I agree with this whole-heartedly. Rust is a LANGUAGE and C is a LANGUAGE. They are used to describe behaviours. When you COMPILE and then RUN them you can measure speed, but that's dependent on two additional bits that are not intrinsically part of the languages themselves.

Now: the languages may expose patterns that a compiler can make use of to improve optimizations. That IS interesting, but it is not a question of speed. It is a question of expressability.


No. As you've made clear, it's a question of being able to express things in a way that gives more information to a compiler, allowing it to create executables that run faster.

Saying that a language is about "expressability" is obvious. A language is nothing other than a form of expression; no more, no less.


Yes. But the speed is dependent on whether or not the compiler makes use of that information and the machine architecture the compiler is running it on.

Speed is a function of all three -- not just the language.

Optimizations for one architecture can lead to perverse behaviours on another (think cache misses and memory layout -- even PROGRAM layout can affect speed).

These things are out of scope of the language and as engineers I think we ought to aim to be a bit more precise. At a coarse level I can understand and even would agree with something like "Python is slower than C", but the same argument applies there as well.

But at some point objectivity ought to enter the playing field.


> ... it's a question of being able to express things in a way that gives more information to a compiler, allowing it to create executables that run faster.

There is expressing idea via code, and there is optimization of code. They are different. Writing what one may think is "fully optimized code" the first time is a mistake, every time, and usually not possible for a codebase of any significant size unless you're a one-in-a-billion savant.

Programming languages, like all languages, are expressive, but only as expressive as the author wants to be, or knows how to be. Rarely does one write code and think "if I'm not expressive enough in a way the compiler understands, my code might be slightly slower! Can't have that!"

No, people write code that they think is correct, compile it, and run it. If your goal is to make the most perfect code you possibly can, instead of the 95% solution is the robust, reliable, maintainable, and testable, you're doing it wrong.

Rust is starting to take up the same mental headspace as LLMs: they're both neat tools. That's it. I don't even mind people being excited about neat tools, because they're neat. The blinders about LLMs/Rust being silver bullets for the software industry need to go. They're just tools.


>in Rust and C++, the standard library sorting functions are templated on the comparison function. This means it's much easier for the compiler to specialize the sorting function, inline the comparisons and optimize around it.

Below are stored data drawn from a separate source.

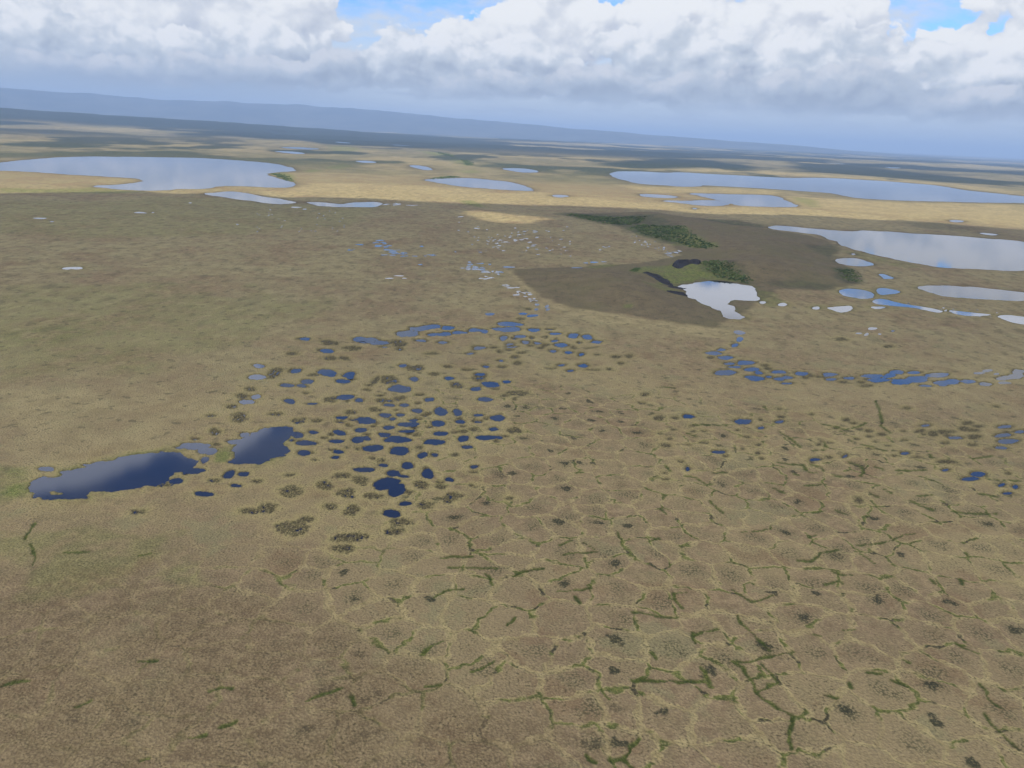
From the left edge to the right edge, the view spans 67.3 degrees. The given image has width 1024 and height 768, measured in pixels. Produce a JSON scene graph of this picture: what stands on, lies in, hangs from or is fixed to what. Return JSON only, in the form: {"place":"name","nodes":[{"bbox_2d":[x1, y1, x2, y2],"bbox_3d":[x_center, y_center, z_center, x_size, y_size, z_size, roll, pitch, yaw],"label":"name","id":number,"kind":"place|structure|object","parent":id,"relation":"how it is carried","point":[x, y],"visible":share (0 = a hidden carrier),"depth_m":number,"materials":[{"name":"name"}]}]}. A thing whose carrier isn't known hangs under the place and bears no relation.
{"place":"outdoors","nodes":[
{"label":"outdoors","id":0,"kind":"place"},
{"bbox_2d":[38,467,53,471],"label":"pond","id":1,"kind":"structure","parent":0,"point":[51,469],"depth_m":362.25,"materials":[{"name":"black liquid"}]},
{"bbox_2d":[28,451,202,499],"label":"lake","id":2,"kind":"structure","parent":0,"point":[135,471],"depth_m":358.45,"materials":[{"name":"blue liquid"}]},
{"bbox_2d":[0,157,295,190],"bbox_3d":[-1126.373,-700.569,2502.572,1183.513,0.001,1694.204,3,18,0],"label":"lake","id":3,"kind":"structure","parent":0,"point":[160,173],"depth_m":2363.15,"materials":[{"name":"blue liquid"}]},
{"bbox_2d":[178,443,210,449],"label":"pond","id":4,"kind":"structure","parent":0,"point":[195,446],"depth_m":395.01,"materials":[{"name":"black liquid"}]},
{"bbox_2d":[186,468,205,473],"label":"pond","id":5,"kind":"structure","parent":0,"point":[197,470],"depth_m":367.07,"materials":[{"name":"blue liquid"}]},
{"bbox_2d":[195,491,213,496],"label":"pond","id":6,"kind":"structure","parent":0,"point":[201,493],"depth_m":345.48,"materials":[{"name":"blue liquid"}]},
{"bbox_2d":[198,448,216,454],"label":"pond","id":7,"kind":"structure","parent":0,"point":[210,451],"depth_m":389.57,"materials":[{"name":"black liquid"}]},
{"bbox_2d":[223,470,234,477],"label":"pond","id":8,"kind":"structure","parent":0,"point":[229,474],"depth_m":365.73,"materials":[{"name":"blue liquid"}]},
{"bbox_2d":[239,400,253,403],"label":"pond","id":9,"kind":"structure","parent":0,"point":[246,401],"depth_m":460.80,"materials":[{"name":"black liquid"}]},
{"bbox_2d":[205,191,295,203],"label":"lake","id":10,"kind":"structure","parent":0,"point":[243,196],"depth_m":1686.10,"materials":[{"name":"blue liquid"}]},
{"bbox_2d":[248,375,265,379],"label":"pond","id":11,"kind":"structure","parent":0,"point":[257,377],"depth_m":506.05,"materials":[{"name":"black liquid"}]},
{"bbox_2d":[228,426,295,464],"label":"lake","id":12,"kind":"structure","parent":0,"point":[261,446],"depth_m":399.33,"materials":[{"name":"blue liquid"}]},
{"bbox_2d":[275,151,304,153],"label":"lake","id":13,"kind":"structure","parent":0,"point":[290,152],"depth_m":4360.33,"materials":[{"name":"blue liquid"}]},
{"bbox_2d":[282,147,316,148],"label":"lake","id":14,"kind":"structure","parent":0,"point":[298,148],"depth_m":5190.60,"materials":[{"name":"blue liquid"}]},
{"bbox_2d":[298,450,309,455],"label":"pond","id":15,"kind":"structure","parent":0,"point":[303,452],"depth_m":393.66,"materials":[{"name":"blue liquid"}]},
{"bbox_2d":[296,440,316,445],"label":"pond","id":16,"kind":"structure","parent":0,"point":[304,442],"depth_m":405.73,"materials":[{"name":"blue liquid"}]},
{"bbox_2d":[301,379,313,383],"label":"pond","id":17,"kind":"structure","parent":0,"point":[307,381],"depth_m":501.99,"materials":[{"name":"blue liquid"}]},
{"bbox_2d":[320,349,333,352],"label":"pond","id":18,"kind":"structure","parent":0,"point":[326,350],"depth_m":571.95,"materials":[{"name":"blue liquid"}]},
{"bbox_2d":[318,369,336,376],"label":"pond","id":19,"kind":"structure","parent":0,"point":[327,372],"depth_m":521.75,"materials":[{"name":"blue liquid"}]},
{"bbox_2d":[333,430,345,435],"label":"pond","id":20,"kind":"structure","parent":0,"point":[338,432],"depth_m":421.51,"materials":[{"name":"blue liquid"}]},
{"bbox_2d":[336,379,349,382],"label":"pond","id":21,"kind":"structure","parent":0,"point":[342,381],"depth_m":505.97,"materials":[{"name":"blue liquid"}]},
{"bbox_2d":[307,202,382,206],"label":"lake","id":22,"kind":"structure","parent":0,"point":[364,204],"depth_m":1633.73,"materials":[{"name":"blue liquid"}]},
{"bbox_2d":[336,395,353,399],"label":"pond","id":23,"kind":"structure","parent":0,"point":[344,397],"depth_m":476.44,"materials":[{"name":"blue liquid"}]},
{"bbox_2d":[343,372,354,378],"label":"pond","id":24,"kind":"structure","parent":0,"point":[349,375],"depth_m":518.34,"materials":[{"name":"blue liquid"}]},
{"bbox_2d":[352,436,365,442],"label":"pond","id":25,"kind":"structure","parent":0,"point":[357,439],"depth_m":413.35,"materials":[{"name":"blue liquid"}]},
{"bbox_2d":[353,337,366,341],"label":"pond","id":26,"kind":"structure","parent":0,"point":[358,339],"depth_m":607.21,"materials":[{"name":"blue liquid"}]},
{"bbox_2d":[355,428,366,432],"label":"pond","id":27,"kind":"structure","parent":0,"point":[360,430],"depth_m":426.04,"materials":[{"name":"blue liquid"}]},
{"bbox_2d":[353,468,374,471],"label":"pond","id":28,"kind":"structure","parent":0,"point":[364,469],"depth_m":377.29,"materials":[{"name":"blue liquid"}]},
{"bbox_2d":[355,417,375,423],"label":"pond","id":29,"kind":"structure","parent":0,"point":[365,420],"depth_m":440.55,"materials":[{"name":"blue liquid"}]},
{"bbox_2d":[365,337,374,342],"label":"pond","id":30,"kind":"structure","parent":0,"point":[370,340],"depth_m":605.43,"materials":[{"name":"blue liquid"}]},
{"bbox_2d":[363,445,383,451],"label":"pond","id":31,"kind":"structure","parent":0,"point":[372,448],"depth_m":403.06,"materials":[{"name":"blue liquid"}]},
{"bbox_2d":[370,342,388,344],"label":"pond","id":32,"kind":"structure","parent":0,"point":[378,343],"depth_m":598.17,"materials":[{"name":"blue liquid"}]},
{"bbox_2d":[379,413,390,417],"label":"pond","id":33,"kind":"structure","parent":0,"point":[385,415],"depth_m":449.74,"materials":[{"name":"blue liquid"}]},
{"bbox_2d":[373,477,401,489],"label":"pond","id":34,"kind":"structure","parent":0,"point":[386,483],"depth_m":363.50,"materials":[{"name":"blue liquid"}]},
{"bbox_2d":[383,509,399,517],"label":"pond","id":35,"kind":"structure","parent":0,"point":[392,513],"depth_m":335.78,"materials":[{"name":"blue liquid"}]},
{"bbox_2d":[387,470,400,476],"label":"pond","id":36,"kind":"structure","parent":0,"point":[392,473],"depth_m":374.82,"materials":[{"name":"blue liquid"}]},
{"bbox_2d":[388,484,405,496],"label":"pond","id":37,"kind":"structure","parent":0,"point":[398,491],"depth_m":356.63,"materials":[{"name":"blue liquid"}]},
{"bbox_2d":[384,436,411,442],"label":"pond","id":38,"kind":"structure","parent":0,"point":[397,439],"depth_m":415.47,"materials":[{"name":"blue liquid"}]},
{"bbox_2d":[388,384,410,392],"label":"pond","id":39,"kind":"structure","parent":0,"point":[399,388],"depth_m":496.13,"materials":[{"name":"blue liquid"}]},
{"bbox_2d":[390,446,408,454],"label":"pond","id":40,"kind":"structure","parent":0,"point":[397,450],"depth_m":401.08,"materials":[{"name":"blue liquid"}]},
{"bbox_2d":[396,330,418,336],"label":"pond","id":41,"kind":"structure","parent":0,"point":[410,333],"depth_m":631.01,"materials":[{"name":"blue liquid"}]},
{"bbox_2d":[402,462,412,468],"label":"pond","id":42,"kind":"structure","parent":0,"point":[407,465],"depth_m":384.32,"materials":[{"name":"blue liquid"}]},
{"bbox_2d":[397,422,418,426],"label":"pond","id":43,"kind":"structure","parent":0,"point":[407,424],"depth_m":437.47,"materials":[{"name":"blue liquid"}]},
{"bbox_2d":[410,165,431,169],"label":"lake","id":44,"kind":"structure","parent":0,"point":[421,167],"depth_m":3342.32,"materials":[{"name":"blue liquid"}]},
{"bbox_2d":[410,326,432,330],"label":"pond","id":45,"kind":"structure","parent":0,"point":[421,328],"depth_m":649.87,"materials":[{"name":"blue liquid"}]},
{"bbox_2d":[417,452,427,458],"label":"pond","id":46,"kind":"structure","parent":0,"point":[422,455],"depth_m":397.11,"materials":[{"name":"blue liquid"}]},
{"bbox_2d":[422,468,433,478],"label":"pond","id":47,"kind":"structure","parent":0,"point":[427,473],"depth_m":375.65,"materials":[{"name":"blue liquid"}]},
{"bbox_2d":[423,324,439,328],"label":"pond","id":48,"kind":"structure","parent":0,"point":[433,326],"depth_m":659.07,"materials":[{"name":"blue liquid"}]},
{"bbox_2d":[424,439,444,444],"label":"pond","id":49,"kind":"structure","parent":0,"point":[434,441],"depth_m":414.83,"materials":[{"name":"blue liquid"}]},
{"bbox_2d":[432,420,444,426],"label":"pond","id":50,"kind":"structure","parent":0,"point":[437,423],"depth_m":441.06,"materials":[{"name":"blue liquid"}]},
{"bbox_2d":[434,407,447,415],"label":"pond","id":51,"kind":"structure","parent":0,"point":[440,411],"depth_m":459.84,"materials":[{"name":"blue liquid"}]},
{"bbox_2d":[434,431,447,435],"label":"pond","id":52,"kind":"structure","parent":0,"point":[439,433],"depth_m":426.52,"materials":[{"name":"blue liquid"}]},
{"bbox_2d":[436,332,450,335],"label":"pond","id":53,"kind":"structure","parent":0,"point":[443,334],"depth_m":634.54,"materials":[{"name":"blue liquid"}]},
{"bbox_2d":[0,88,912,155],"bbox_3d":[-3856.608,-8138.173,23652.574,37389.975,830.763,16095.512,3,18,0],"label":"mountains","id":54,"kind":"structure","parent":0,"point":[334,118],"depth_m":23885.71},
{"bbox_2d":[453,409,461,415],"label":"pond","id":55,"kind":"structure","parent":0,"point":[457,412],"depth_m":459.72,"materials":[{"name":"blue liquid"}]},
{"bbox_2d":[458,436,468,441],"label":"pond","id":56,"kind":"structure","parent":0,"point":[462,438],"depth_m":421.17,"materials":[{"name":"blue liquid"}]},
{"bbox_2d":[469,328,482,331],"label":"pond","id":57,"kind":"structure","parent":0,"point":[475,330],"depth_m":651.70,"materials":[{"name":"blue liquid"}]},
{"bbox_2d":[425,178,532,190],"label":"lake","id":58,"kind":"structure","parent":0,"point":[481,183],"depth_m":2476.28,"materials":[{"name":"blue liquid"}]},
{"bbox_2d":[478,397,492,401],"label":"pond","id":59,"kind":"structure","parent":0,"point":[485,399],"depth_m":484.24,"materials":[{"name":"blue liquid"}]},
{"bbox_2d":[476,435,498,439],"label":"pond","id":60,"kind":"structure","parent":0,"point":[486,437],"depth_m":424.11,"materials":[{"name":"blue liquid"}]},
{"bbox_2d":[482,382,499,386],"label":"pond","id":61,"kind":"structure","parent":0,"point":[490,384],"depth_m":513.34,"materials":[{"name":"blue liquid"}]},
{"bbox_2d":[490,415,504,420],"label":"pond","id":62,"kind":"structure","parent":0,"point":[498,418],"depth_m":453.81,"materials":[{"name":"blue liquid"}]},
{"bbox_2d":[492,327,519,331],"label":"pond","id":63,"kind":"structure","parent":0,"point":[509,329],"depth_m":659.75,"materials":[{"name":"blue liquid"}]},
{"bbox_2d":[497,322,523,326],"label":"pond","id":64,"kind":"structure","parent":0,"point":[513,324],"depth_m":678.64,"materials":[{"name":"blue liquid"}]},
{"bbox_2d":[0,108,1023,767],"bbox_3d":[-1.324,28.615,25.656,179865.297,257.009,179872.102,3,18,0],"label":"ground","id":65,"kind":"structure","parent":0,"point":[582,568],"depth_m":386.89,"materials":[{"name":"brown plant"}]},
{"bbox_2d":[271,173,292,180],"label":"willow thicket","id":66,"kind":"object","parent":65,"relation":"on","point":[281,175],"visible":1,"depth_m":2377.93,"materials":[{"name":"green plant"}]},
{"bbox_2d":[430,176,459,178],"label":"willow thicket","id":67,"kind":"object","parent":65,"relation":"on","point":[445,177],"visible":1,"depth_m":2712.71,"materials":[{"name":"green plant"}]},
{"bbox_2d":[34,202,998,439],"bbox_3d":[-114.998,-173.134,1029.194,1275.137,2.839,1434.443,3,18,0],"label":"ponds","id":68,"kind":"structure","parent":65,"relation":"on","point":[475,268],"depth_m":1023.03,"materials":[{"name":"blue liquid"}]},
{"bbox_2d":[566,213,645,224],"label":"willow thicket","id":69,"kind":"object","parent":65,"relation":"on","point":[612,220],"visible":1,"depth_m":1551.05,"materials":[{"name":"green plant"}]},
{"bbox_2d":[643,272,672,285],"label":"mud scarp","id":70,"kind":"structure","parent":65,"relation":"attached to","point":[659,278],"depth_m":904.86,"materials":[{"name":"grey soil"}]},
{"bbox_2d":[631,224,717,248],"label":"willow thicket","id":71,"kind":"object","parent":65,"relation":"on","point":[679,229],"visible":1,"depth_m":1329.63,"materials":[{"name":"green plant"}]},
{"bbox_2d":[667,290,686,295],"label":"mud scarp","id":72,"kind":"structure","parent":65,"relation":"attached to","point":[678,293],"depth_m":841.96,"materials":[{"name":"grey soil"}]},
{"bbox_2d":[672,259,700,268],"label":"pond","id":73,"kind":"structure","parent":65,"relation":"attached to","point":[679,263],"depth_m":1000.87,"materials":[{"name":"liquid"}]},
{"bbox_2d":[700,260,752,282],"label":"willow thicket","id":74,"kind":"object","parent":65,"relation":"on","point":[730,275],"visible":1,"depth_m":972.04,"materials":[{"name":"green plant"}]},
{"bbox_2d":[833,268,861,281],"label":"willow thicket","id":75,"kind":"object","parent":65,"relation":"on","point":[846,272],"visible":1,"depth_m":1019.16,"materials":[{"name":"green plant"}]},
{"bbox_2d":[0,0,1023,157],"label":"sky","id":76,"kind":"structure","parent":0,"point":[944,77],"materials":[{"name":"white"}]},
{"bbox_2d":[503,168,537,172],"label":"lake","id":77,"kind":"structure","parent":0,"point":[521,170],"depth_m":3516.47,"materials":[{"name":"blue liquid"}]},
{"bbox_2d":[640,194,676,197],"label":"lake","id":78,"kind":"structure","parent":0,"point":[656,196],"depth_m":2296.84,"materials":[{"name":"blue liquid"}]},
{"bbox_2d":[665,200,724,205],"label":"lake","id":79,"kind":"structure","parent":0,"point":[705,202],"depth_m":2116.38,"materials":[{"name":"blue liquid"}]},
{"bbox_2d":[705,351,721,354],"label":"pond","id":80,"kind":"structure","parent":0,"point":[713,353],"depth_m":614.69,"materials":[{"name":"blue liquid"}]},
{"bbox_2d":[678,281,759,318],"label":"lake","id":81,"kind":"structure","parent":0,"point":[719,295],"depth_m":854.25,"materials":[{"name":"white liquid"}]},
{"bbox_2d":[715,370,735,375],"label":"pond","id":82,"kind":"structure","parent":0,"point":[726,372],"depth_m":564.51,"materials":[{"name":"blue liquid"}]},
{"bbox_2d":[718,356,732,359],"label":"pond","id":83,"kind":"structure","parent":0,"point":[725,357],"depth_m":603.72,"materials":[{"name":"blue liquid"}]},
{"bbox_2d":[734,419,750,423],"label":"pond","id":84,"kind":"structure","parent":0,"point":[742,421],"depth_m":466.92,"materials":[{"name":"blue liquid"}]},
{"bbox_2d":[691,193,797,206],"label":"lake","id":85,"kind":"structure","parent":0,"point":[754,200],"depth_m":2305.30,"materials":[{"name":"blue liquid"}]},
{"bbox_2d":[738,361,753,364],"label":"pond","id":86,"kind":"structure","parent":0,"point":[745,362],"depth_m":592.18,"materials":[{"name":"blue liquid"}]},
{"bbox_2d":[744,367,759,371],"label":"pond","id":87,"kind":"structure","parent":0,"point":[752,369],"depth_m":575.44,"materials":[{"name":"blue liquid"}]},
{"bbox_2d":[745,376,764,380],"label":"pond","id":88,"kind":"structure","parent":0,"point":[754,378],"depth_m":554.18,"materials":[{"name":"blue liquid"}]},
{"bbox_2d":[610,171,1023,202],"bbox_3d":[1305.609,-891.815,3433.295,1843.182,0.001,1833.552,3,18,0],"label":"lake","id":89,"kind":"structure","parent":0,"point":[879,190],"depth_m":3275.20,"materials":[{"name":"blue liquid"}]},
{"bbox_2d":[823,373,837,376],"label":"pond","id":90,"kind":"structure","parent":0,"point":[829,374],"depth_m":571.78,"materials":[{"name":"blue liquid"}]},
{"bbox_2d":[828,306,852,312],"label":"lake","id":91,"kind":"structure","parent":0,"point":[840,309],"depth_m":806.42,"materials":[{"name":"white liquid"}]},
{"bbox_2d":[835,258,873,265],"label":"lake","id":92,"kind":"structure","parent":0,"point":[852,261],"depth_m":1141.91,"materials":[{"name":"blue liquid"}]},
{"bbox_2d":[839,289,873,298],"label":"lake","id":93,"kind":"structure","parent":0,"point":[859,294],"depth_m":894.45,"materials":[{"name":"blue liquid"}]},
{"bbox_2d":[861,374,884,378],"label":"pond","id":94,"kind":"structure","parent":0,"point":[874,376],"depth_m":572.76,"materials":[{"name":"blue liquid"}]},
{"bbox_2d":[868,378,889,382],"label":"pond","id":95,"kind":"structure","parent":0,"point":[878,380],"depth_m":563.33,"materials":[{"name":"blue liquid"}]},
{"bbox_2d":[876,288,899,294],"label":"lake","id":96,"kind":"structure","parent":0,"point":[883,291],"depth_m":917.62,"materials":[{"name":"blue liquid"}]},
{"bbox_2d":[884,373,895,377],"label":"pond","id":97,"kind":"structure","parent":0,"point":[888,375],"depth_m":576.55,"materials":[{"name":"blue liquid"}]},
{"bbox_2d":[768,226,1023,270],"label":"lake","id":98,"kind":"structure","parent":0,"point":[949,251],"depth_m":1358.19,"materials":[{"name":"blue liquid"}]},
{"bbox_2d":[891,379,915,384],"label":"pond","id":99,"kind":"structure","parent":0,"point":[901,381],"depth_m":562.54,"materials":[{"name":"blue liquid"}]},
{"bbox_2d":[872,299,942,312],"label":"lake","id":100,"kind":"structure","parent":0,"point":[884,302],"depth_m":840.51,"materials":[{"name":"blue liquid"}]},
{"bbox_2d":[906,376,927,382],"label":"pond","id":101,"kind":"structure","parent":0,"point":[918,379],"depth_m":571.47,"materials":[{"name":"blue liquid"}]},
{"bbox_2d":[925,373,948,377],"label":"pond","id":102,"kind":"structure","parent":0,"point":[937,375],"depth_m":583.16,"materials":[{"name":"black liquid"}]},
{"bbox_2d":[933,379,959,385],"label":"pond","id":103,"kind":"structure","parent":0,"point":[947,382],"depth_m":565.44,"materials":[{"name":"blue liquid"}]},
{"bbox_2d":[949,310,988,315],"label":"lake","id":104,"kind":"structure","parent":0,"point":[966,313],"depth_m":811.65,"materials":[{"name":"blue liquid"}]},
{"bbox_2d":[962,477,978,480],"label":"pond","id":105,"kind":"structure","parent":0,"point":[970,478],"depth_m":399.70,"materials":[{"name":"blue liquid"}]},
{"bbox_2d":[918,285,1023,300],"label":"lake","id":106,"kind":"structure","parent":0,"point":[971,292],"depth_m":935.03,"materials":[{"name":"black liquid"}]},
{"bbox_2d":[971,472,984,476],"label":"pond","id":107,"kind":"structure","parent":0,"point":[978,474],"depth_m":405.71,"materials":[{"name":"blue liquid"}]},
{"bbox_2d":[995,433,1010,436],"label":"pond","id":108,"kind":"structure","parent":0,"point":[1003,435],"depth_m":463.95,"materials":[{"name":"blue liquid"}]},
{"bbox_2d":[996,376,1011,380],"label":"pond","id":109,"kind":"structure","parent":0,"point":[1003,378],"depth_m":582.84,"materials":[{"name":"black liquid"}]},
{"bbox_2d":[998,439,1018,443],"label":"pond","id":110,"kind":"structure","parent":0,"point":[1006,441],"depth_m":454.61,"materials":[{"name":"blue liquid"}]},
{"bbox_2d":[998,315,1023,323],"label":"lake","id":111,"kind":"structure","parent":0,"point":[1015,319],"depth_m":796.78,"materials":[{"name":"white liquid"}]},
{"bbox_2d":[1008,373,1023,378],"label":"pond","id":112,"kind":"structure","parent":0,"point":[1017,375],"depth_m":591.25,"materials":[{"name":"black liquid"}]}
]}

I think this is something of a myth. Typically, a C compiler can't inline the comparison function passed to qsort because libc is dynamically linked (so the code for qsort isn't available). But if you statically link libc and have LTO, or if you just paste the implementation of qsort into your module, then a compiler can inline qsort's comparison function just as easily as a C++ compiler can inline the comparator passed to std::sort. As for type-specific optimizations, these can generally be done just as well for a (void *) that's been cast to a T as they can be for a T (though you do miss out on the possibility of passing by value).

That said, I think there is an indirect connection between a templated sort function and the ability to inline: it forces a compiler/linker architecture where the source code of the sort function is available to the compiler when it's generating code for calls to that function.


qsort is obviously just an example, this situation applies to anything that takes a callback: in C++/Rust, that's almost always generic and the compiler will monomorphize the function and optimize around it, and in C it's almost always a function pointer and a userData argument for state passed on the stack. (and, of course, it applies not just to callbacks, but more broadly to anything templated).

I'm actually very curious about how good C compilers are at specializing situations like this, I don't actually know. In the vast majority cases, the C compiler will not have access to the code (either because of dynamic linking like in this example, or because the definition is in another translation unit), but what if it does? Either with static linking and LTO, or because the function is marked "inline" in a header? Will C compilers specialize as aggressively as Rust and C++ are forced to do?

If anyone has any resources that have looked into this, I would be curious to hear about it.


If you choose to put a boundary in your code that makes it span over several binaries, so that they can be swapped out at runtime, no compiler in any language can optimize that away, because that would be against the interface you explicitly chose. That's what dynamic linking aka. runtime linking is in C.

This is not an issue for libc, because the behaviour of that is not specified by the code itself, but by the spec, which is why C compilers can and do completely remove or change calls to libc, much to the distress of someone expecting a portable assembler.


Dynamic linking will inhibit inlining entirely, and so yes qsort does not in practice get inlined if libc is dynamically linked. However, compilers can inline definitions across translation units without much of any issue if whole program optimization is enabled.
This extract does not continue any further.